(Data records)

——

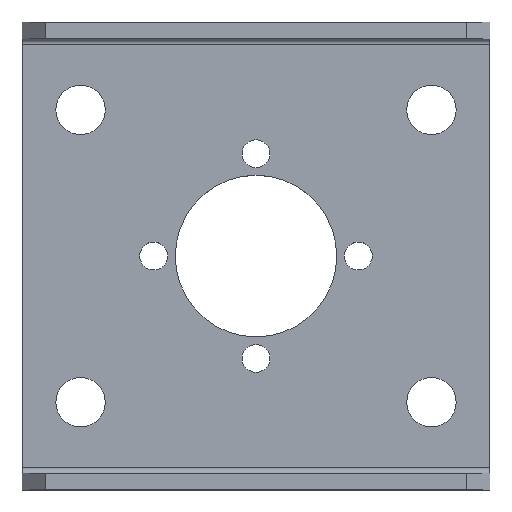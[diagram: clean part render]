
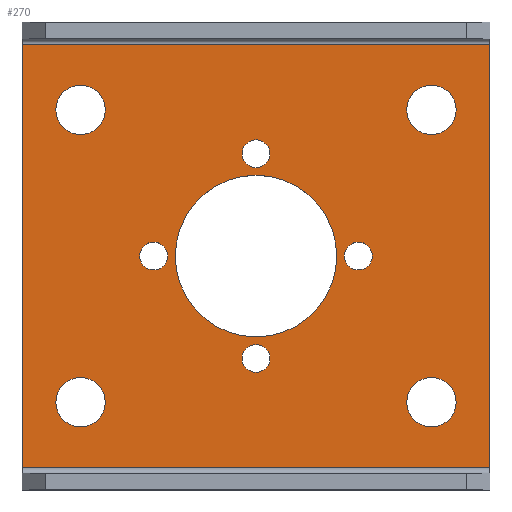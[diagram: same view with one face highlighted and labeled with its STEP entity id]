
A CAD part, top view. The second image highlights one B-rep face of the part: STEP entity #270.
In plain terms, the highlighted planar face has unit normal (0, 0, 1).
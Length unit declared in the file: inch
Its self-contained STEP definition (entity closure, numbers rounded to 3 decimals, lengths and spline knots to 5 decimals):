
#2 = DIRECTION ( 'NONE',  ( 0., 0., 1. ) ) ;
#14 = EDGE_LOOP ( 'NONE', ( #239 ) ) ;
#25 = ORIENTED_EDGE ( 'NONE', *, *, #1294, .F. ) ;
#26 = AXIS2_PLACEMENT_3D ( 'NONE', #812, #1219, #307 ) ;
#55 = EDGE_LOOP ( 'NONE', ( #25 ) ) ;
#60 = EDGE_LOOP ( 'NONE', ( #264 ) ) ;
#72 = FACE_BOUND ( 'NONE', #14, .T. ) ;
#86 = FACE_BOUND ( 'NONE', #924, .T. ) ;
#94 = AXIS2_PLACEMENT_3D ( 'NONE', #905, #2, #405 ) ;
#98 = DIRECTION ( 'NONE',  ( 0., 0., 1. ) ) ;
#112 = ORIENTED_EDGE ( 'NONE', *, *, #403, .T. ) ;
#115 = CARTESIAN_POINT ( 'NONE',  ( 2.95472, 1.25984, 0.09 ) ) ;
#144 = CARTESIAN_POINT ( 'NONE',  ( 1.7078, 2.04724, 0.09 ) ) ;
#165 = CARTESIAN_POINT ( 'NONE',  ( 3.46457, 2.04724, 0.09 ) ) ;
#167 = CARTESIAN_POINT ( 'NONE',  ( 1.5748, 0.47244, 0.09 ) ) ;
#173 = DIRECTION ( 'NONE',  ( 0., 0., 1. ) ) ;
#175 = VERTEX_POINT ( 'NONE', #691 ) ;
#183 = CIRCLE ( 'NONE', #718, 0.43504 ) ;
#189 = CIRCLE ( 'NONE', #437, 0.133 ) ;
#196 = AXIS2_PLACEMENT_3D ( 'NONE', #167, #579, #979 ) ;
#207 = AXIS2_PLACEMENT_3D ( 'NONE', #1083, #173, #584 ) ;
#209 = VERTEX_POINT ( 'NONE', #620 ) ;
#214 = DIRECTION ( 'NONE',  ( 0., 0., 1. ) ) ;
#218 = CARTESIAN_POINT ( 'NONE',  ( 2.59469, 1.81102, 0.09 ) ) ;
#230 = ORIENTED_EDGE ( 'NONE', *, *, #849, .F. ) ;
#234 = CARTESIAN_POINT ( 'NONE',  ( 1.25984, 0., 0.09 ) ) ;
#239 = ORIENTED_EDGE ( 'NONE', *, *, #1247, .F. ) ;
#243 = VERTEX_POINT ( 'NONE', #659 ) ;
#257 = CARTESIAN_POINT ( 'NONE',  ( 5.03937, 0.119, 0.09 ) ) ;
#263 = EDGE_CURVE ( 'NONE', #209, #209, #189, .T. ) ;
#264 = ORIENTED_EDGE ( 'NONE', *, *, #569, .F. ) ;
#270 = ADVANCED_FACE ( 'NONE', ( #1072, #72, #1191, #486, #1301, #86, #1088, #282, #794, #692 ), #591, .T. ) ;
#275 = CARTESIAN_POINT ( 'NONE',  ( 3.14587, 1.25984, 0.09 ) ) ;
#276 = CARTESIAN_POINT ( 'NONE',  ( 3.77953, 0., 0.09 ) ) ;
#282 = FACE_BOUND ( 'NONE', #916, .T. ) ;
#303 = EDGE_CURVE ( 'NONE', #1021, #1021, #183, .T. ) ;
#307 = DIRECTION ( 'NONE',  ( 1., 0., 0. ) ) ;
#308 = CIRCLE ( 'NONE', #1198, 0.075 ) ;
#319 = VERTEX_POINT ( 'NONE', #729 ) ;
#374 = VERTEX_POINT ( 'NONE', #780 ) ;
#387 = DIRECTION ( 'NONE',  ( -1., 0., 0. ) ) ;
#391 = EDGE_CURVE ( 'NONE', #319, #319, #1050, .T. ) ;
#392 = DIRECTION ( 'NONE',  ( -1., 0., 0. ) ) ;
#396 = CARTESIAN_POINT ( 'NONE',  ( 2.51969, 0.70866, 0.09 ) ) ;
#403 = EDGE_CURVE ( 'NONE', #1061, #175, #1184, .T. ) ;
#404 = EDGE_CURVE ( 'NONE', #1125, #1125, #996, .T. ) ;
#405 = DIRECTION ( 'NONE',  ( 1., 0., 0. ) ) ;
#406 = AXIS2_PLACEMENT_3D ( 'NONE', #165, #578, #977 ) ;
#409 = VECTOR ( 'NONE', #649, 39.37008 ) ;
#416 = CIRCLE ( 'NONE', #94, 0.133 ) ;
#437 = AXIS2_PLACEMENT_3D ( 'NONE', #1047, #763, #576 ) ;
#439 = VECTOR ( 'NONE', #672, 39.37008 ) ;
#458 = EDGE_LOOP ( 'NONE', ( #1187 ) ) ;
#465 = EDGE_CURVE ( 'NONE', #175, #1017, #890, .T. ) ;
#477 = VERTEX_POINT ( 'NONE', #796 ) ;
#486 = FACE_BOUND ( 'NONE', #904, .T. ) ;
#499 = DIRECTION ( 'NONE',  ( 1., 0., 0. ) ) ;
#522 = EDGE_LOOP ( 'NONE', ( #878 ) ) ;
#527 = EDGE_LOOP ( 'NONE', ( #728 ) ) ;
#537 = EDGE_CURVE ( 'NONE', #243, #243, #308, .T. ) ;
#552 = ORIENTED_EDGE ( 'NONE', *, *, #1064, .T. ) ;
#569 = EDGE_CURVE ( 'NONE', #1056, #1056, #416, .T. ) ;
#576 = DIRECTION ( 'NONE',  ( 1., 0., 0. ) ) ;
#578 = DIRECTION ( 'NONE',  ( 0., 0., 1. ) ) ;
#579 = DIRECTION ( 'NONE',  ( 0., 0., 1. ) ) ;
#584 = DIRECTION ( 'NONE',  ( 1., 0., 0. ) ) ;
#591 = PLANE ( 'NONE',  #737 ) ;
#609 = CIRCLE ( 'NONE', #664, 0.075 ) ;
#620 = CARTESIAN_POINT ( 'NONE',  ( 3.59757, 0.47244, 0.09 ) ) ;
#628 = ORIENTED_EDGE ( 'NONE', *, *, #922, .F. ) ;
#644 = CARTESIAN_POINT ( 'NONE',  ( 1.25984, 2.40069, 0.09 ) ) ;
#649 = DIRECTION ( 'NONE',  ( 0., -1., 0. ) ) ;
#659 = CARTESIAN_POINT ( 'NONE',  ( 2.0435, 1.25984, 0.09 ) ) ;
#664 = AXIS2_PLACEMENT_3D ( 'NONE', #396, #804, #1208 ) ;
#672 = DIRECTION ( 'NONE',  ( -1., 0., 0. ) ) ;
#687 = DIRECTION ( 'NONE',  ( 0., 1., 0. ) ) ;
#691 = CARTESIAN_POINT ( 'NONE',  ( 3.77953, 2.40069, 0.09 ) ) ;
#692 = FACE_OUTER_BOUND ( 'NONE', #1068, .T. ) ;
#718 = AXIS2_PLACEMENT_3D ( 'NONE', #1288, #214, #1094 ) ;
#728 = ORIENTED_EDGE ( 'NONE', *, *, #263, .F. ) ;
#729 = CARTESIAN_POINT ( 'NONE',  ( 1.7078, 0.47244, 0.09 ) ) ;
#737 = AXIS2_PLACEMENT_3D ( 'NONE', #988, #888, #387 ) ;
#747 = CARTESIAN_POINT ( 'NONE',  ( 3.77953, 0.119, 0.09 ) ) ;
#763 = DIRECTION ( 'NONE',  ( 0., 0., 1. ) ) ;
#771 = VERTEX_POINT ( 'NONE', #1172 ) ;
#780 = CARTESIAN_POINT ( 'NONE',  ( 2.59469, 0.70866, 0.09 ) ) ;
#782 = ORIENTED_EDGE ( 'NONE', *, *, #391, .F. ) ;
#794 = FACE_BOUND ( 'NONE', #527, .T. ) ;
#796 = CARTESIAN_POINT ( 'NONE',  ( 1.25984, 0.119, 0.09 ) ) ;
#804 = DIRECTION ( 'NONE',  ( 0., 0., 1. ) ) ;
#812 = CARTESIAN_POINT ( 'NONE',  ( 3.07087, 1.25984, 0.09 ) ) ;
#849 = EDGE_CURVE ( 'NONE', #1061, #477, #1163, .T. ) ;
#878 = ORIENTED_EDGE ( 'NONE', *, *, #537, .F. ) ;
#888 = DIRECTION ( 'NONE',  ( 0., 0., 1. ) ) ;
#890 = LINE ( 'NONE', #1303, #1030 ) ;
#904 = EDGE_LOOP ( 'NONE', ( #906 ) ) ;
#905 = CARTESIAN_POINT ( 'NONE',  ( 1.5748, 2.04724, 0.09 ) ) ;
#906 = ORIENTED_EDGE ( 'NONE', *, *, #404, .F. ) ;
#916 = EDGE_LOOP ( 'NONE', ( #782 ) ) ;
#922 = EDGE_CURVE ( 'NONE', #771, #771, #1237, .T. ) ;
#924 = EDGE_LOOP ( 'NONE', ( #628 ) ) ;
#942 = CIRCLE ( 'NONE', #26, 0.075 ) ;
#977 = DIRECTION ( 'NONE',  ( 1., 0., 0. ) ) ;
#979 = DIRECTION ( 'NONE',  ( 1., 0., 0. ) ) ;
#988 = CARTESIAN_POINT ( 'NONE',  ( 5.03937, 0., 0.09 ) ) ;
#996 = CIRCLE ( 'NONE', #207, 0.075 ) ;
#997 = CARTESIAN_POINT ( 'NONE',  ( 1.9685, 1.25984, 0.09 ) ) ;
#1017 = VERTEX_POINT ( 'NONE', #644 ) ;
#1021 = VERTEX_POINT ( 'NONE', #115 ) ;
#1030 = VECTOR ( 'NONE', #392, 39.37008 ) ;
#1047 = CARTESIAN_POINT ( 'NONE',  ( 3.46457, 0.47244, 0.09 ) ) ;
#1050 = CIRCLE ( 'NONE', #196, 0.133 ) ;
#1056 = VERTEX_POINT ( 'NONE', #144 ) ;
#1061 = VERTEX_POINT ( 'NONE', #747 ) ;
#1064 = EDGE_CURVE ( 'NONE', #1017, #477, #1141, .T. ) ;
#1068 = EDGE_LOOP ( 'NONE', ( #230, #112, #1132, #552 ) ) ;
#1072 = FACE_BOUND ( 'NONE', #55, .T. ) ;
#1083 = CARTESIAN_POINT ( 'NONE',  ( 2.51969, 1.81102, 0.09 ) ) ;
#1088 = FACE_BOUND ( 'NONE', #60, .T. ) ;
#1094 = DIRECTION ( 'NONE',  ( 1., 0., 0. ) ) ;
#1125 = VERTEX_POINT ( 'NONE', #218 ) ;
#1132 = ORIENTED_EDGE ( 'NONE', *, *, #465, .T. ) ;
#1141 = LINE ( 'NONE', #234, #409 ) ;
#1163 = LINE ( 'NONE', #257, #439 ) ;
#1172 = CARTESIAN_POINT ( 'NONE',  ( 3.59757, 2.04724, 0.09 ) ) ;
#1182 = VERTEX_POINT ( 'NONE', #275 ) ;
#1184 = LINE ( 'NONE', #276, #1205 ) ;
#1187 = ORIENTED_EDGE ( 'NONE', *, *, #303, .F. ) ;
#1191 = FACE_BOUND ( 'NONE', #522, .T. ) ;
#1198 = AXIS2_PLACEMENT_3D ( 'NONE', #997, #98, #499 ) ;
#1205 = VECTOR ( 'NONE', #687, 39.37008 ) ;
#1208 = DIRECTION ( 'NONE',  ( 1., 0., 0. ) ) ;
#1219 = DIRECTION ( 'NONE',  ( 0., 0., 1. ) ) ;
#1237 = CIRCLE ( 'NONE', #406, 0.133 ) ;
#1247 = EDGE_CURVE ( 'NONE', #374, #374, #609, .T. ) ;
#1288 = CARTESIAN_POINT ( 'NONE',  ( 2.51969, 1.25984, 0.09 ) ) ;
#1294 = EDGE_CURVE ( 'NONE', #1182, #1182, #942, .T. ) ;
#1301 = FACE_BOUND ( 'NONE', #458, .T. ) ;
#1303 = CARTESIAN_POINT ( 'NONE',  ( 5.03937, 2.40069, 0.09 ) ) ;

——

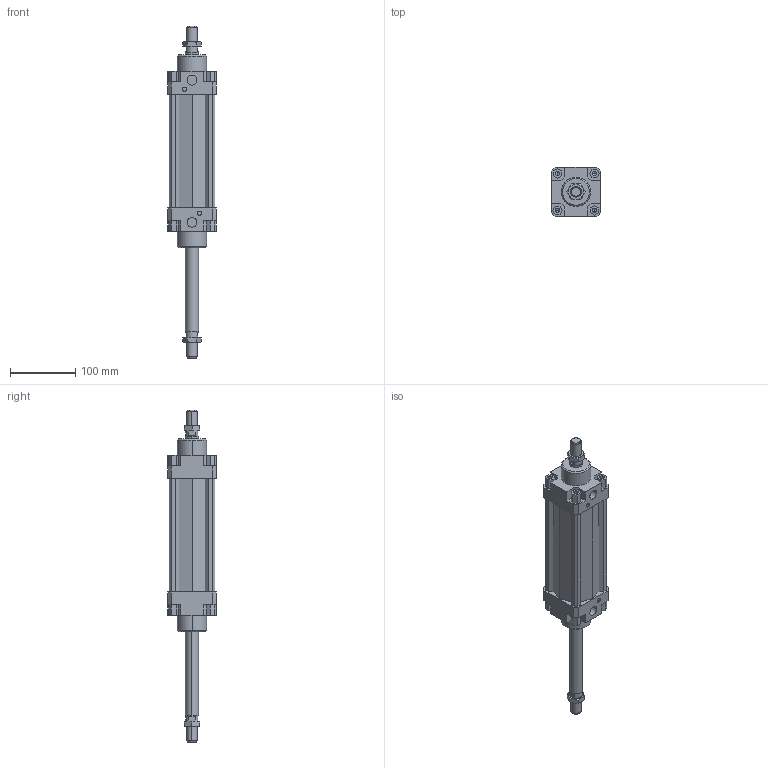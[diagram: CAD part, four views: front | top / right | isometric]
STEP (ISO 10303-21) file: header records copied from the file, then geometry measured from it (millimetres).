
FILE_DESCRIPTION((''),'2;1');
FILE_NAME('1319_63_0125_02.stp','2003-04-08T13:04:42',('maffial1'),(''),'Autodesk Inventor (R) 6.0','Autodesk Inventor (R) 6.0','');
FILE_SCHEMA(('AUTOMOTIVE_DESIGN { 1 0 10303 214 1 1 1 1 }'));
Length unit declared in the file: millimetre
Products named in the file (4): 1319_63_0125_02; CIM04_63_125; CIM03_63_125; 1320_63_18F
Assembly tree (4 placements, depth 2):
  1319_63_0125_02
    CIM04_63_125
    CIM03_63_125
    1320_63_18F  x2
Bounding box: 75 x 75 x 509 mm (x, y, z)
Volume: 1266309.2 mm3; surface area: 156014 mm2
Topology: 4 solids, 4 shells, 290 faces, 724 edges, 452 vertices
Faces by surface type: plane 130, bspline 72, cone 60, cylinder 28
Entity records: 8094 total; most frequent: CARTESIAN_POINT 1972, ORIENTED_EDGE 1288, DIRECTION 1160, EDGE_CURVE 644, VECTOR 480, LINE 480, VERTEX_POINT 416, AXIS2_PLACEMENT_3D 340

——

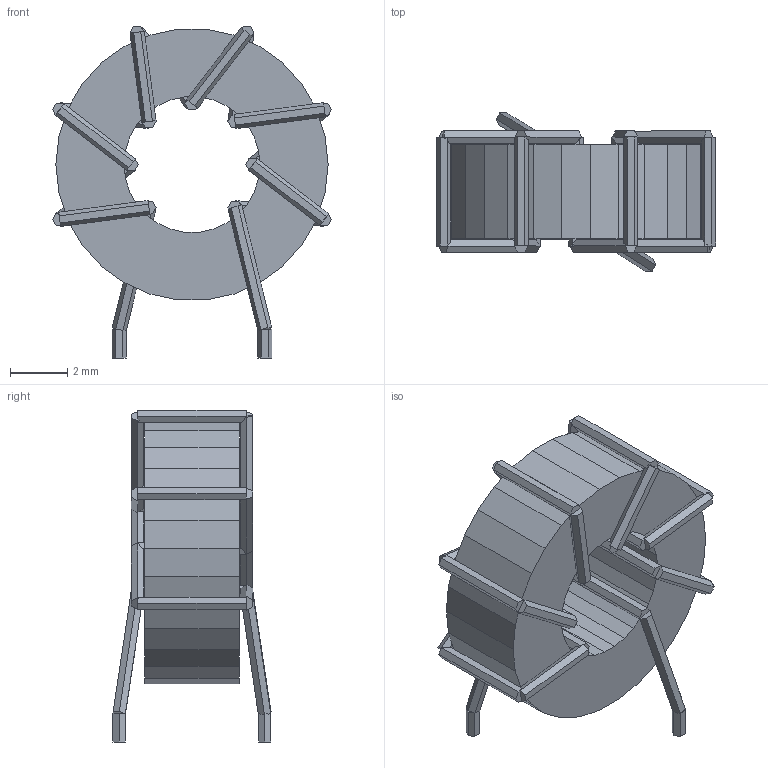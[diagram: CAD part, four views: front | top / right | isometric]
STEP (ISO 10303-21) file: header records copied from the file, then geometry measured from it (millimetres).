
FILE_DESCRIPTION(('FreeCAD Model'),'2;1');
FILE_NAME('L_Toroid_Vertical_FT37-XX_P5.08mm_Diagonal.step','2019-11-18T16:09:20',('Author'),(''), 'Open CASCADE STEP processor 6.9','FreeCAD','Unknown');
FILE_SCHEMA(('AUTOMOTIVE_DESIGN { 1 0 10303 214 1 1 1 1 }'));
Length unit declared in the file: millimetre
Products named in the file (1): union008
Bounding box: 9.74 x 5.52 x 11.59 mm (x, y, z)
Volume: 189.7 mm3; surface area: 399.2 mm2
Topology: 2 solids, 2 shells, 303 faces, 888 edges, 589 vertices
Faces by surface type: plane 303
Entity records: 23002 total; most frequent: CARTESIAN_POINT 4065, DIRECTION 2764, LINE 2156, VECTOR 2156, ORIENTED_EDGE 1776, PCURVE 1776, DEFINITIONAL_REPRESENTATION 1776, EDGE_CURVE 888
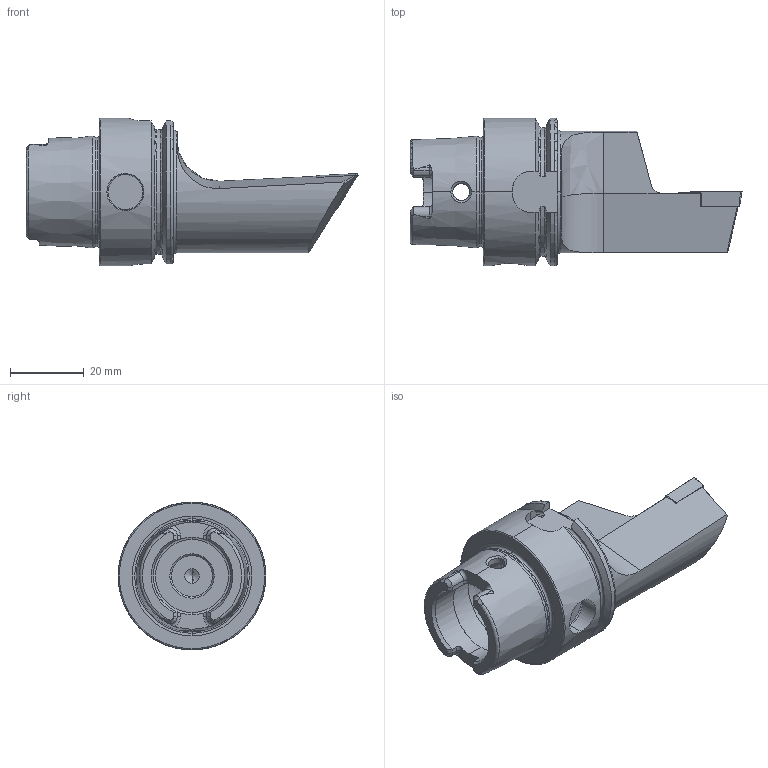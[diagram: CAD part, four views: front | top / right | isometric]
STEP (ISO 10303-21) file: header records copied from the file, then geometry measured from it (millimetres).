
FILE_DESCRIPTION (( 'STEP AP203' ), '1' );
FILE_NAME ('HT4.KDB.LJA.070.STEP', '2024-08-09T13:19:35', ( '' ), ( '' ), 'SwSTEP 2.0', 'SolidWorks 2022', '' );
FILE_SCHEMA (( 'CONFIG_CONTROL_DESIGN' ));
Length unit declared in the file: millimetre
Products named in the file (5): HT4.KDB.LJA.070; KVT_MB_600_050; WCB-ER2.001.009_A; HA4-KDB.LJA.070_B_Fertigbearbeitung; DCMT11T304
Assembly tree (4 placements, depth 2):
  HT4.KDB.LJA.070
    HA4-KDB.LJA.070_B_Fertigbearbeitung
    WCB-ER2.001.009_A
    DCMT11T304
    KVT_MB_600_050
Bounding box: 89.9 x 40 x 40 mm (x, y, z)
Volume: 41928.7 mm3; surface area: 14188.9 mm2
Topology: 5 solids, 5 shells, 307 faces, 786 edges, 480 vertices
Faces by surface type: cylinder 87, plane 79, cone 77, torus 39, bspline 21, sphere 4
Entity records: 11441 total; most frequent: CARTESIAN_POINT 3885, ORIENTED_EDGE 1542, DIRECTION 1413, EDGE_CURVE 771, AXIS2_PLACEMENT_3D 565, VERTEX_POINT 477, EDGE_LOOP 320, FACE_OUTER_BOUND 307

——

Instructions for the task
Copy word for word the lines of the records above from the one with "[diagram: same view" up to and including the one with "Length unit declared in the file: inch". Skip the pictures.

Solution below
[diagram: same view with one face highlighted and labeled with its STEP entity id]
A CAD part, top view. The second image highlights one B-rep face of the part: STEP entity #270.
In plain terms, the highlighted planar face has unit normal (0, 0, 1).
Length unit declared in the file: inch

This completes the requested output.